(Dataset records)
Start of Block

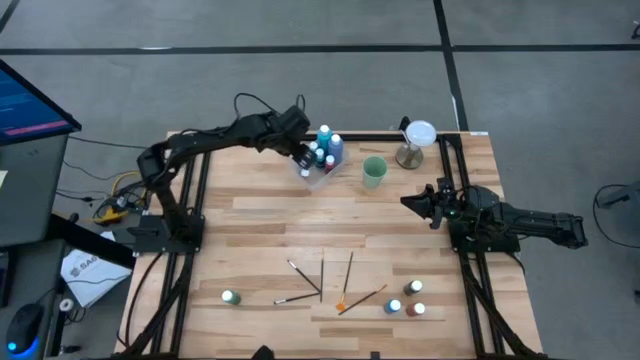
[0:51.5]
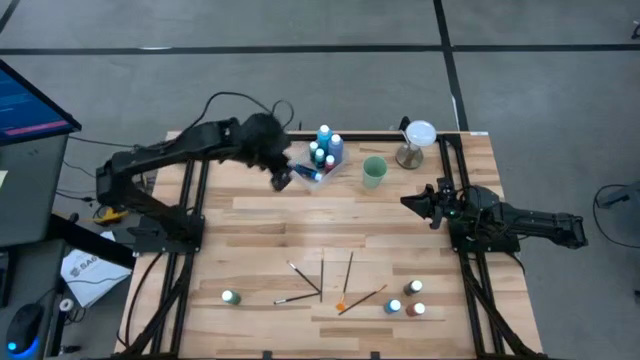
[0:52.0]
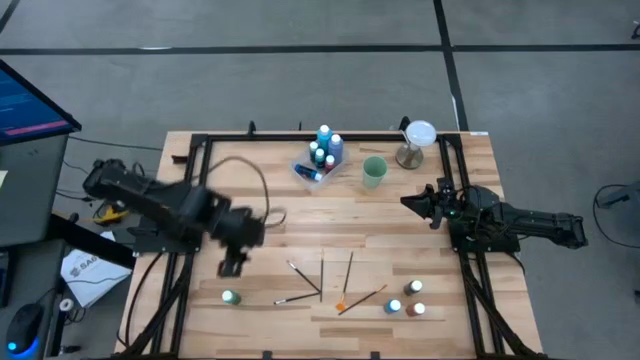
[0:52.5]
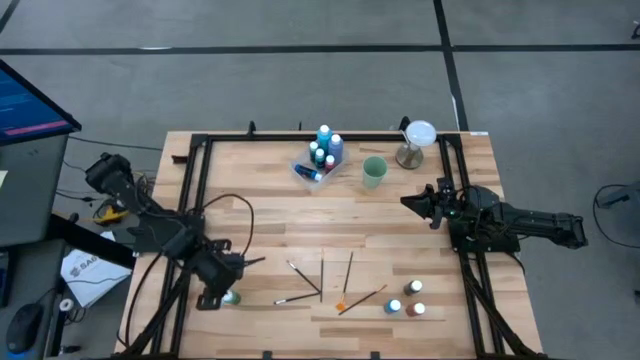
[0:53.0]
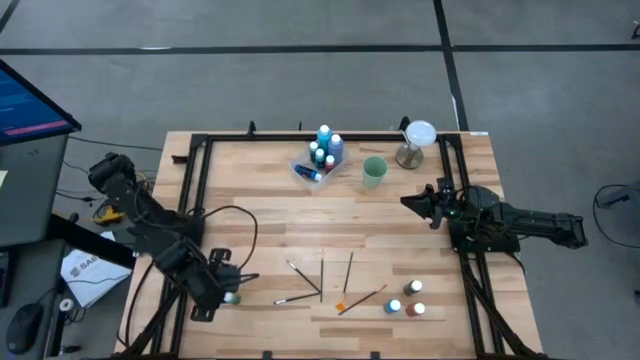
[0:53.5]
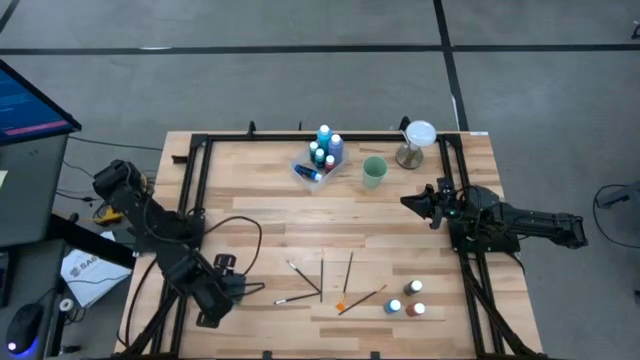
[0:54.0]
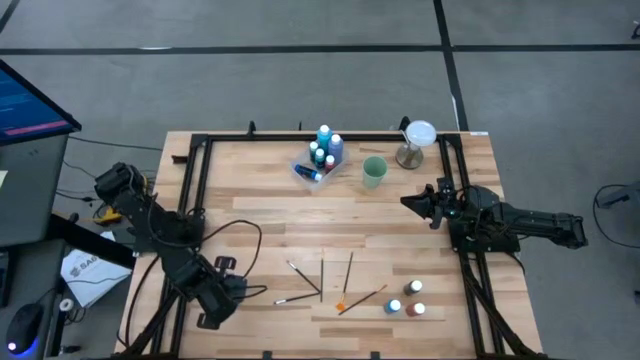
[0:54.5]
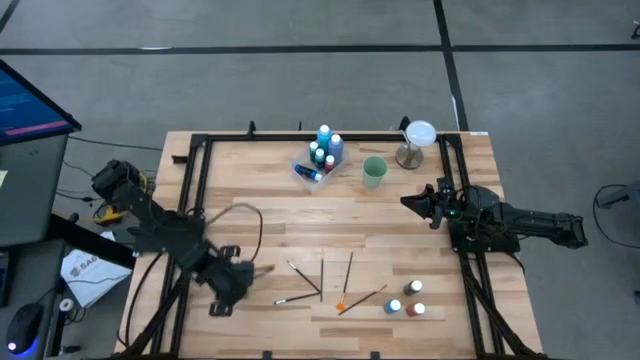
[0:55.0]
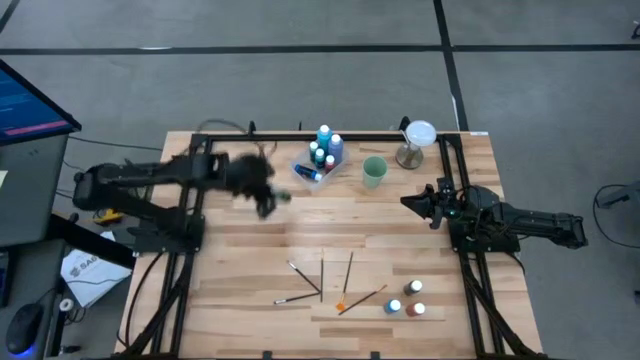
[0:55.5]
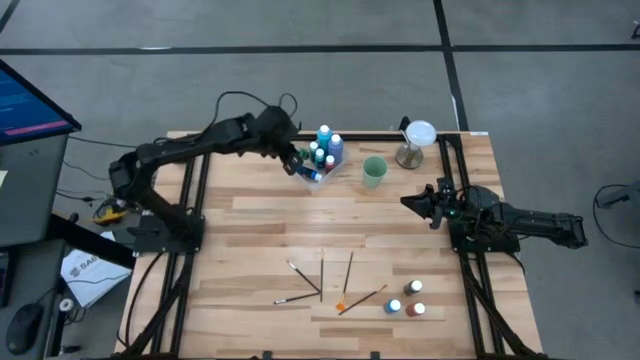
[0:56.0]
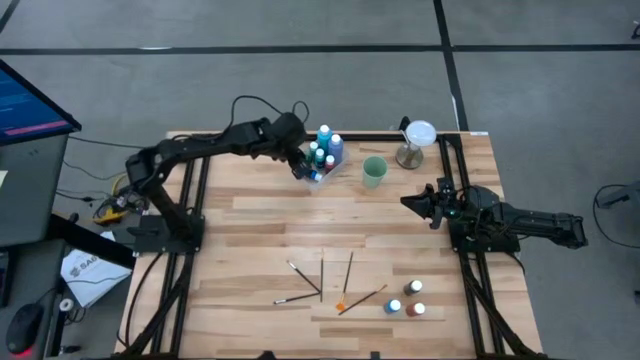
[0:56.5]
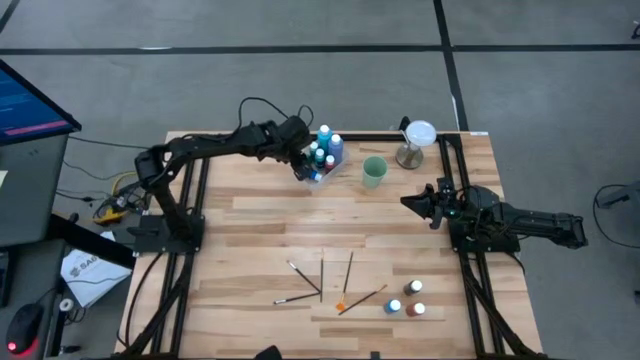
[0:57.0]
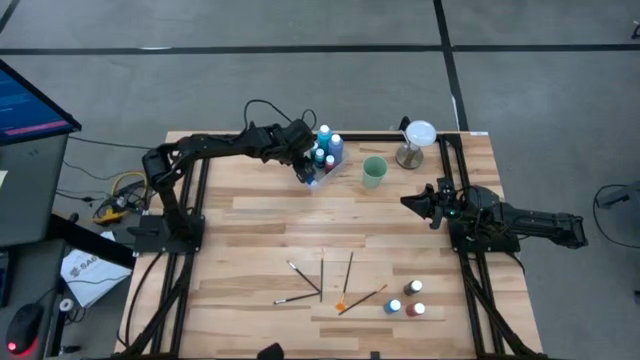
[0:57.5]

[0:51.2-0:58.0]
Put the small green paint bottle into the transparent bin

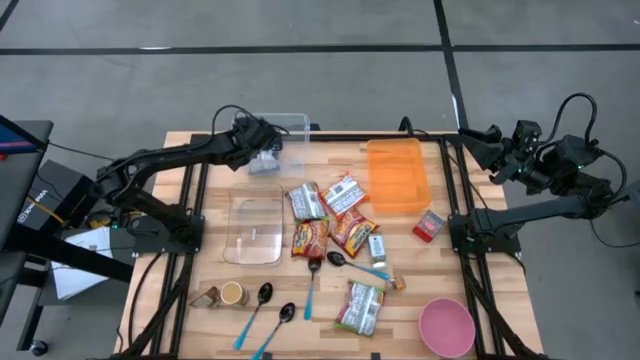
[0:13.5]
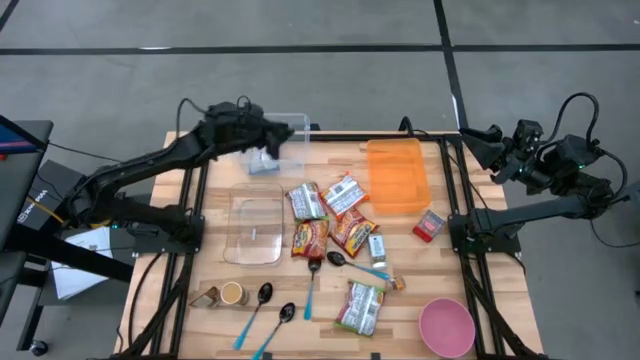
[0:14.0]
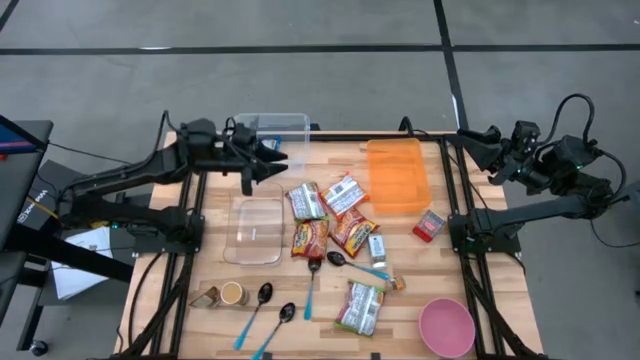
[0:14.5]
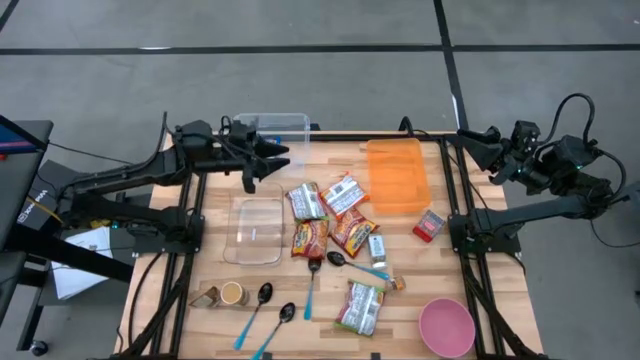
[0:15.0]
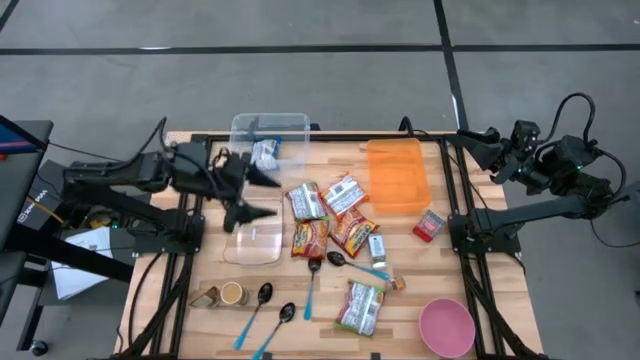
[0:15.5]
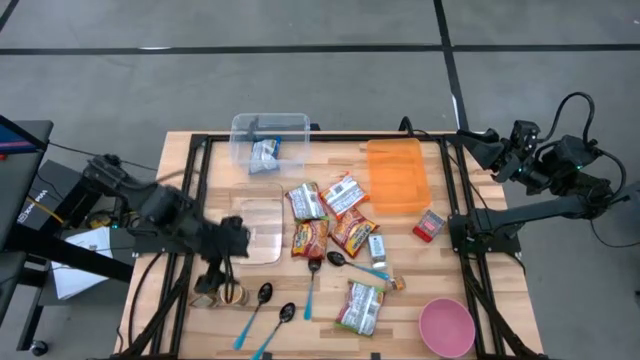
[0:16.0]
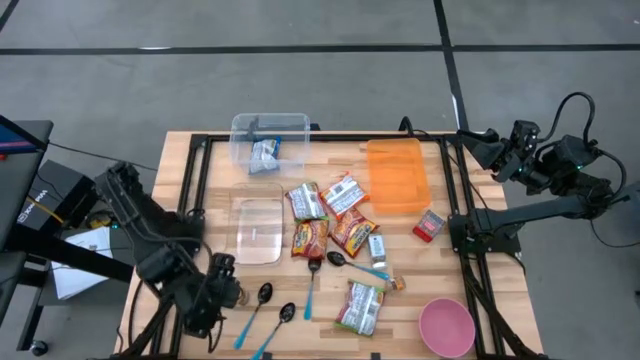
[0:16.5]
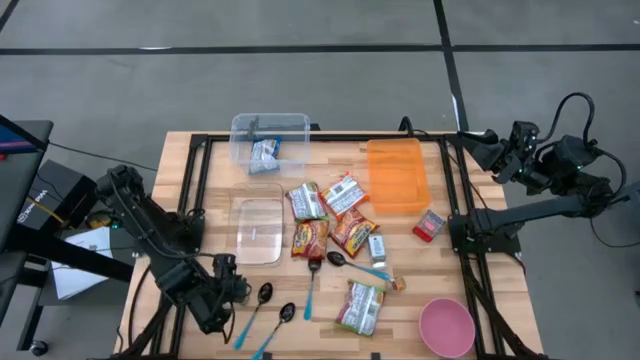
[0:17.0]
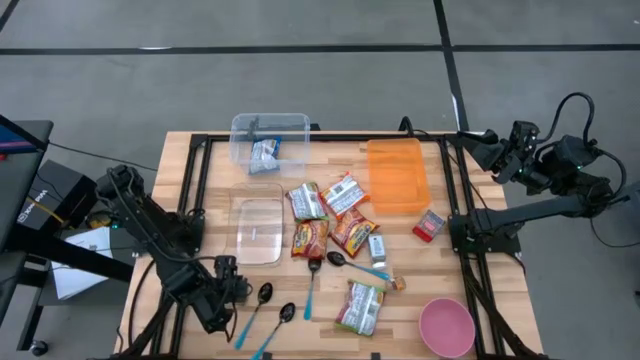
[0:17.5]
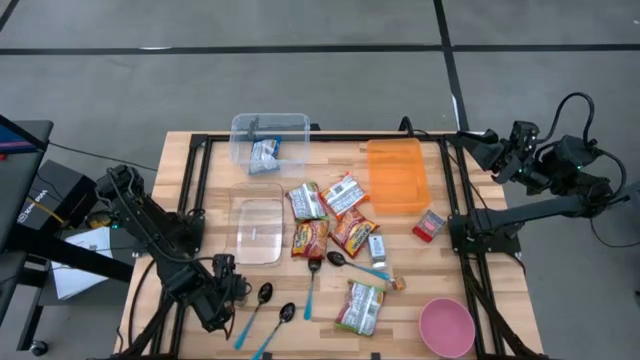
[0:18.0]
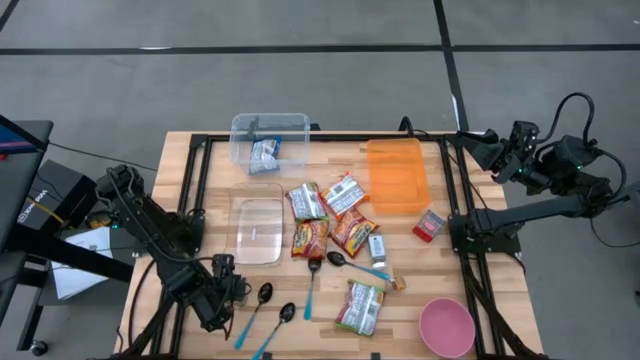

End of Block

What is needed >> Repeat the data in full and exactly. Omit pictures.

Task result >>
[0:51.5]
[0:52.0]
[0:52.5]
[0:53.0]
[0:53.5]
[0:54.0]
[0:54.5]
[0:55.0]
[0:55.5]
[0:56.0]
[0:56.5]
[0:57.0]
[0:57.5]

[0:51.2-0:58.0]
Put the small green paint bottle into the transparent bin

[0:13.5]
[0:14.0]
[0:14.5]
[0:15.0]
[0:15.5]
[0:16.0]
[0:16.5]
[0:17.0]
[0:17.5]
[0:18.0]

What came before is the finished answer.